If you need more info, I will be glad to provide it. Thank you!
Vit

vitsyrovat · April 11, 2022, 7:48am

@primoz @batic Any update on this?

primoz · April 11, 2022, 9:29pm

@vitsyrovat Could you please provide the UID of the account you were/are using for the stat requests via direct message so we can investigate things properly.

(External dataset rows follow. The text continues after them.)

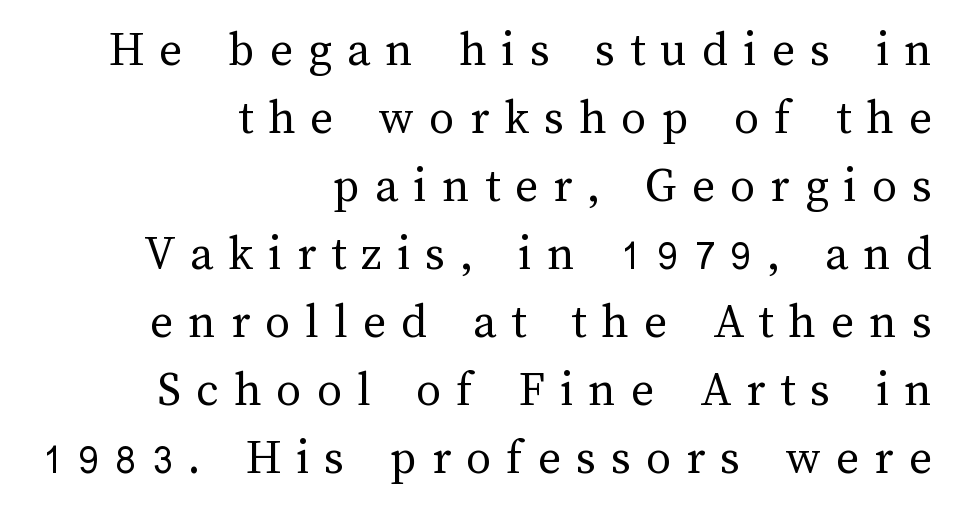
{"italic": "no", "bold": "no", "weight": "regular", "width": "normal", "stroke_contrast": "medium", "x_height": "medium", "monospaced": "no", "underline": "no", "align": "right", "line_spacing": "normal", "line_spacing_ratio": 1.36, "letter_spacing": "wide", "letter_spacing_em": 0.3, "glyph_px": 50}
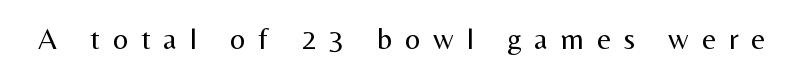
Q: Is the text bold? A: No.
Q: Is the text italic (slanted)? A: No, it is upright.
Q: Is the typeface a serif or a sans-serif typeface? A: Sans-serif.
Q: Is the text underlined? A: No.
Q: Is the spacing between letters normal or unusually wide? A: Unusually wide.
Q: Width (condensed, normal, or wide)? A: Normal.
Q: Stroke contrast? A: Medium.
Q: x-height? A: Medium.
Q: Monospaced? A: No.
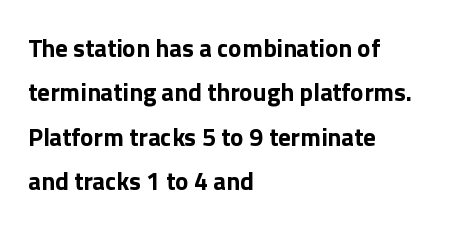
{"italic": "no", "bold": "yes", "underline": "no", "align": "left", "line_spacing_ratio": 1.78, "letter_spacing": "normal", "letter_spacing_em": 0.0, "glyph_px": 25}
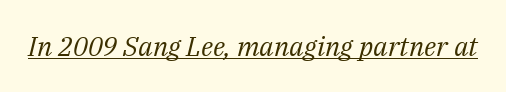
Q: Is the text bold? A: No.
Q: Is the text italic (slanted)? A: Yes, it leans right by about 14 degrees.
Q: Is the text underlined? A: Yes.
Q: Is the spacing between letters normal or unusually wide? A: Normal.
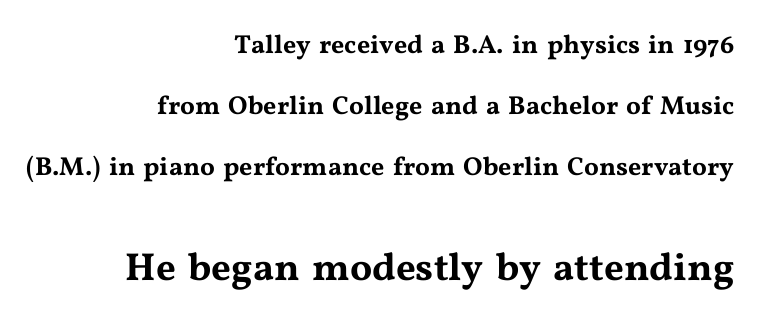
Q: Is the text italic (slanted)? A: No, it is upright.
Q: Is the typeface a serif or a sans-serif typeface? A: Serif.
Q: Is the text underlined? A: No.
Q: How is the paragraph aligned? A: Right-aligned.
Q: Is the spacing between letters normal or unusually wide? A: Normal.
Q: Is the spacing between lines tight, normal or loose? A: Loose.
Q: Which block of text is set in a larger size, the first (top) or the second (bottom)? A: The second (bottom) one.
Q: Width (condensed, normal, or wide)? A: Wide.
Q: Stroke contrast? A: Medium.
Q: x-height? A: Medium.
Q: Monospaced? A: No.
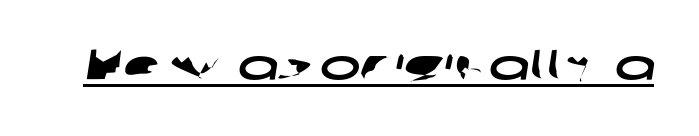
This rendering employs a face without finishing strokes, i.e., a sans-serif. This sample uses plain, unmodified letter spacing. The rendering uses natural spacing where letterforms have individual widths. The specimen includes a rule beneath the text block's lines.
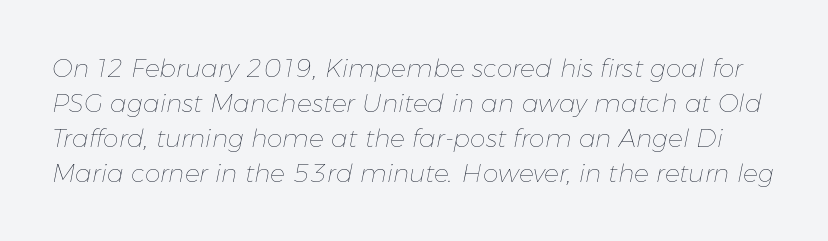
Each stroke keeps to a modest, everyday thickness or less. The block of text has a typical density, with ordinary space between rows. This sample uses an oblique cut, with every glyph tilted off the vertical. No word sits above an underline. The letterforms sit shoulder to shoulder at normal distance.
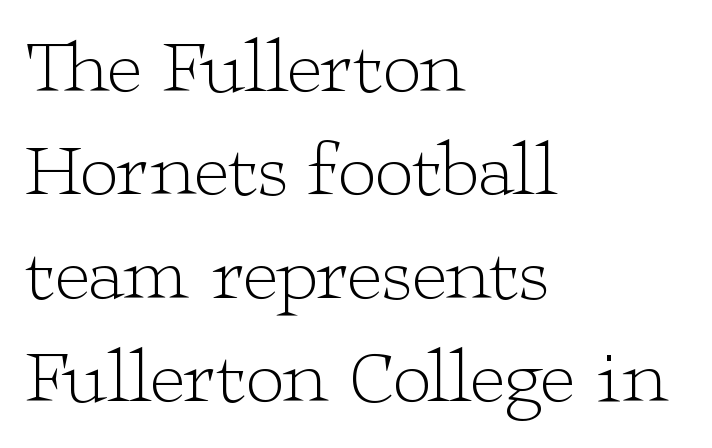
Tall strokes in this sample are plumb rather than angled. Words appear dense and cohesive because spacing is normal. The cut favours lightness, reaching ordinary text weight at its darkest. Little horizontal feet cap the strokes, marking this as serif type.
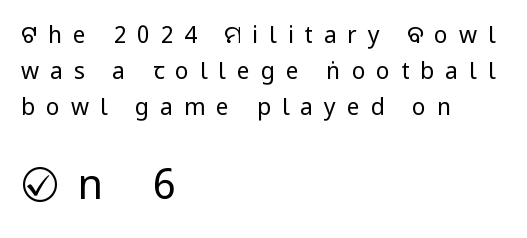
Q: Is the text bold? A: No.
Q: Is the text italic (slanted)? A: No, it is upright.
Q: Is the typeface a serif or a sans-serif typeface? A: Sans-serif.
Q: Is the text underlined? A: No.
Q: How is the paragraph aligned? A: Left-aligned.
Q: Is the spacing between letters normal or unusually wide? A: Unusually wide.
Q: Is the spacing between lines tight, normal or loose? A: Normal.
Q: Which block of text is set in a larger size, the first (top) or the second (bottom)? A: The second (bottom) one.
Q: Width (condensed, normal, or wide)? A: Condensed.
Q: Stroke contrast? A: Low.

vitsyrovat · April 12, 2022, 8:42am

@primoz Please let me know if the UID reached you. I did not find out how to send a direct message here I have a vitsyrovat account at gmail.

primoz · April 14, 2022, 9:37am

I did some investigation. What you were experiencing is a known usability issue that happens when we recieve bursts of requests from multiple users (at the same time) in periods when the whole api is overall very idle.Since the infrastructure needs to scale some orders of magnitude (relatively) there’s a delay that the end user experiences. We already have plans in our roadmap to mitigate this issues - improve the overall user experience.

vitsyrovat · April 14, 2022, 10:39am

@primoz Thank you for your investigation. When approximately can we expect the better experience?